Similarly, in the future, this work should be expanded to different objective functions as well. In our exploration, we used activation squared as the optimization function, as minimizing the sum of muscle activations squared has been found in previous studies (Ackermann et al. 2010) to produce motion very similar to the ways in which our bodies naturally select. It would be interesting through to expand to objectives such as the minimization of metabolic cost over the course of the motion. The sensitivity to these parameters with respect to different objectives is one question that we originally wanted to explore, though were unable to address in this study.
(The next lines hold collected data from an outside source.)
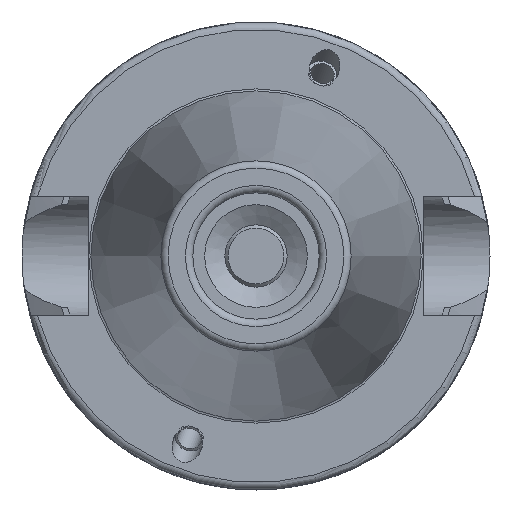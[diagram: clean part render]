
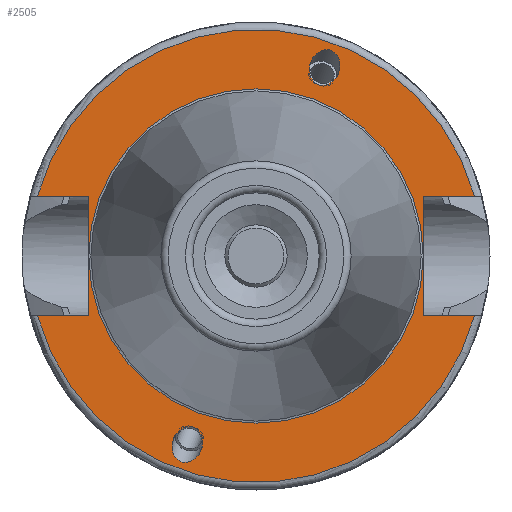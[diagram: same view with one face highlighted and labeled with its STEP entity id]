
A CAD part, left-side view. The second image highlights one B-rep face of the part: STEP entity #2505.
In plain terms, the highlighted planar face has unit normal (-1, 0, 0).
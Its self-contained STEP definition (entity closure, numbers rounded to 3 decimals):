
#503=ELLIPSE('',#2789,2.442,2.);
#512=ELLIPSE('',#2812,2.442,2.);
#552=FACE_BOUND('',#949,.T.);
#553=FACE_BOUND('',#950,.T.);
#554=FACE_BOUND('',#951,.T.);
#649=CIRCLE('',#2836,30.5);
#661=CIRCLE('',#2858,22.5);
#662=CIRCLE('',#2860,30.5);
#813=FACE_OUTER_BOUND('',#948,.T.);
#948=EDGE_LOOP('',(#2109,#2110,#2111,#2112,#2113,#2114,#2115,#2116));
#949=EDGE_LOOP('',(#2117));
#950=EDGE_LOOP('',(#2118));
#951=EDGE_LOOP('',(#2119));
#1071=LINE('',#4252,#1205);
#1075=LINE('',#4260,#1209);
#1078=LINE('',#4280,#1212);
#1089=LINE('',#4380,#1223);
#1092=LINE('',#4401,#1226);
#1094=LINE('',#4404,#1228);
#1205=VECTOR('',#3284,10.);
#1209=VECTOR('',#3290,10.);
#1212=VECTOR('',#3295,10.);
#1223=VECTOR('',#3350,10.);
#1226=VECTOR('',#3355,10.);
#1228=VECTOR('',#3359,10.);
#1343=VERTEX_POINT('',#4092);
#1358=VERTEX_POINT('',#4173);
#1374=VERTEX_POINT('',#4240);
#1375=VERTEX_POINT('',#4251);
#1377=VERTEX_POINT('',#4257);
#1378=VERTEX_POINT('',#4259);
#1393=VERTEX_POINT('',#4340);
#1400=VERTEX_POINT('',#4377);
#1401=VERTEX_POINT('',#4379);
#1405=VERTEX_POINT('',#4400);
#1413=VERTEX_POINT('',#4430);
#1565=EDGE_CURVE('',#1343,#1343,#503,.T.);
#1588=EDGE_CURVE('',#1358,#1358,#512,.T.);
#1605=EDGE_CURVE('',#1375,#1374,#1071,.T.);
#1609=EDGE_CURVE('',#1378,#1377,#1075,.T.);
#1614=EDGE_CURVE('',#1377,#1375,#1078,.T.);
#1634=EDGE_CURVE('',#1378,#1393,#649,.T.);
#1644=EDGE_CURVE('',#1401,#1400,#1089,.T.);
#1649=EDGE_CURVE('',#1405,#1393,#1092,.T.);
#1651=EDGE_CURVE('',#1400,#1405,#1094,.T.);
#1665=EDGE_CURVE('',#1413,#1413,#661,.T.);
#1666=EDGE_CURVE('',#1401,#1374,#662,.T.);
#2109=ORIENTED_EDGE('',*,*,#1605,.T.);
#2110=ORIENTED_EDGE('',*,*,#1666,.F.);
#2111=ORIENTED_EDGE('',*,*,#1644,.T.);
#2112=ORIENTED_EDGE('',*,*,#1651,.T.);
#2113=ORIENTED_EDGE('',*,*,#1649,.T.);
#2114=ORIENTED_EDGE('',*,*,#1634,.F.);
#2115=ORIENTED_EDGE('',*,*,#1609,.T.);
#2116=ORIENTED_EDGE('',*,*,#1614,.T.);
#2117=ORIENTED_EDGE('',*,*,#1565,.T.);
#2118=ORIENTED_EDGE('',*,*,#1588,.T.);
#2119=ORIENTED_EDGE('',*,*,#1665,.T.);
#2408=PLANE('',#2859);
#2505=ADVANCED_FACE('',(#813,#552,#553,#554),#2408,.T.);
#2789=AXIS2_PLACEMENT_3D('',#4094,#3216,#3217);
#2812=AXIS2_PLACEMENT_3D('',#4175,#3269,#3270);
#2836=AXIS2_PLACEMENT_3D('',#4341,#3337,#3338);
#2858=AXIS2_PLACEMENT_3D('',#4432,#3395,#3396);
#2859=AXIS2_PLACEMENT_3D('',#4433,#3397,#3398);
#2860=AXIS2_PLACEMENT_3D('',#4434,#3399,#3400);
#3216=DIRECTION('center_axis',(1.,0.,0.));
#3217=DIRECTION('ref_axis',(0.,-0.342,0.94));
#3269=DIRECTION('center_axis',(1.,0.,0.));
#3270=DIRECTION('ref_axis',(0.,0.342,-0.94));
#3284=DIRECTION('',(0.,-1.,0.));
#3290=DIRECTION('',(0.,1.,0.));
#3295=DIRECTION('',(0.,0.,1.));
#3337=DIRECTION('center_axis',(1.,0.,0.));
#3338=DIRECTION('ref_axis',(0.,0.,-1.));
#3350=DIRECTION('',(0.,-1.,0.));
#3355=DIRECTION('',(0.,1.,0.));
#3359=DIRECTION('',(0.,0.,-1.));
#3395=DIRECTION('center_axis',(1.,0.,0.));
#3396=DIRECTION('ref_axis',(0.,0.,-1.));
#3397=DIRECTION('center_axis',(-1.,0.,0.));
#3398=DIRECTION('ref_axis',(0.,0.,1.));
#3399=DIRECTION('center_axis',(1.,0.,0.));
#3400=DIRECTION('ref_axis',(0.,0.,-1.));
#4092=CARTESIAN_POINT('',(2.,-8.399,23.077));
#4094=CARTESIAN_POINT('Origin',(2.,-9.235,25.372));
#4173=CARTESIAN_POINT('',(2.,8.399,-23.077));
#4175=CARTESIAN_POINT('Origin',(2.,9.235,-25.372));
#4240=CARTESIAN_POINT('',(2.,-29.418,8.05));
#4251=CARTESIAN_POINT('',(2.,-22.6,8.05));
#4252=CARTESIAN_POINT('',(2.,3.95,8.05));
#4257=CARTESIAN_POINT('',(2.,-22.6,-8.05));
#4259=CARTESIAN_POINT('',(2.,-29.418,-8.05));
#4260=CARTESIAN_POINT('',(2.,3.95,-8.05));
#4280=CARTESIAN_POINT('',(2.,-22.6,0.));
#4340=CARTESIAN_POINT('',(2.,29.418,-8.05));
#4341=CARTESIAN_POINT('Origin',(2.,0.,0.));
#4377=CARTESIAN_POINT('',(2.,22.6,8.05));
#4379=CARTESIAN_POINT('',(2.,29.418,8.05));
#4380=CARTESIAN_POINT('',(2.,26.55,8.05));
#4400=CARTESIAN_POINT('',(2.,22.6,-8.05));
#4401=CARTESIAN_POINT('',(2.,26.55,-8.05));
#4404=CARTESIAN_POINT('',(2.,22.6,0.));
#4430=CARTESIAN_POINT('',(2.,0.,22.5));
#4432=CARTESIAN_POINT('Origin',(2.,0.,0.));
#4433=CARTESIAN_POINT('Origin',(2.,30.5,0.));
#4434=CARTESIAN_POINT('Origin',(2.,0.,0.));
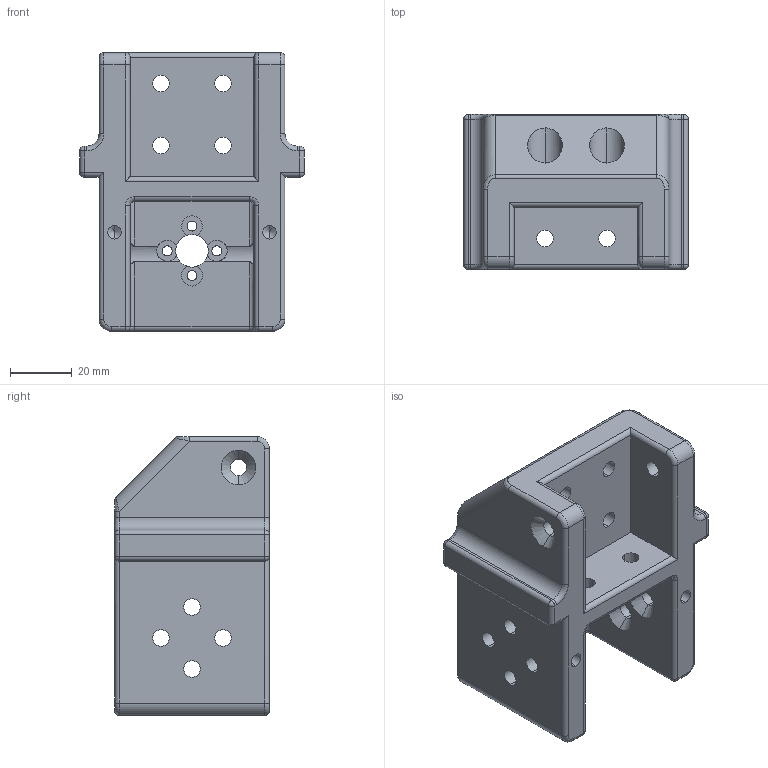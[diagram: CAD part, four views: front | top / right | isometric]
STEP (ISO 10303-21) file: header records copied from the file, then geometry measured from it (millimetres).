
FILE_DESCRIPTION (( 'STEP AP214' ), '1' );
FILE_NAME ('mainZCar.STEP', '2025-09-18T19:07:33', ( '' ), ( '' ), 'SwSTEP 2.0', 'SolidWorks 2024', '' );
FILE_SCHEMA (( 'AUTOMOTIVE_DESIGN' ));
Length unit declared in the file: millimetre
Products named in the file (1): mainZCar
Bounding box: 72.5 x 50 x 90 mm (x, y, z)
Volume: 153833.5 mm3; surface area: 33822.3 mm2
Topology: 1 solids, 1 shells, 235 faces, 591 edges, 339 vertices
Faces by surface type: cylinder 133, cone 40, plane 30, torus 16, sphere 10, bspline 6
Entity records: 9850 total; most frequent: CARTESIAN_POINT 1554, DIRECTION 1284, ORIENTED_EDGE 1154, EDGE_CURVE 577, AXIS2_PLACEMENT_3D 517, VERTEX_POINT 339, CIRCLE 287, EDGE_LOOP 272

All of these directions for future work will help to build and expand the understanding of how sensitive the result of complex optimizations are as a result of the underlying muscle-tendon parameters that are used in model creation. Our work has taken a good first step in understanding what parameters are the most influential to the resulting muscle-activations obtained from an optimization using direct collocation methods. Understanding these sensitivities allows us to know if the results we obtain are accurate, and also indicates which parameters can be the most influential as to why a movement is happening the way it does in the body. We can then create more accurate and detailed models, and form a better understanding biomechanics as a whole.
We would like to thank the ME485 teaching team, class, and members of the Neuromuscular Biomechanics Lab at Stanford for their assistance and guidance throughout this project, as well as for their aid in providing subject data, and helpful scripts needed to complete the project tasks.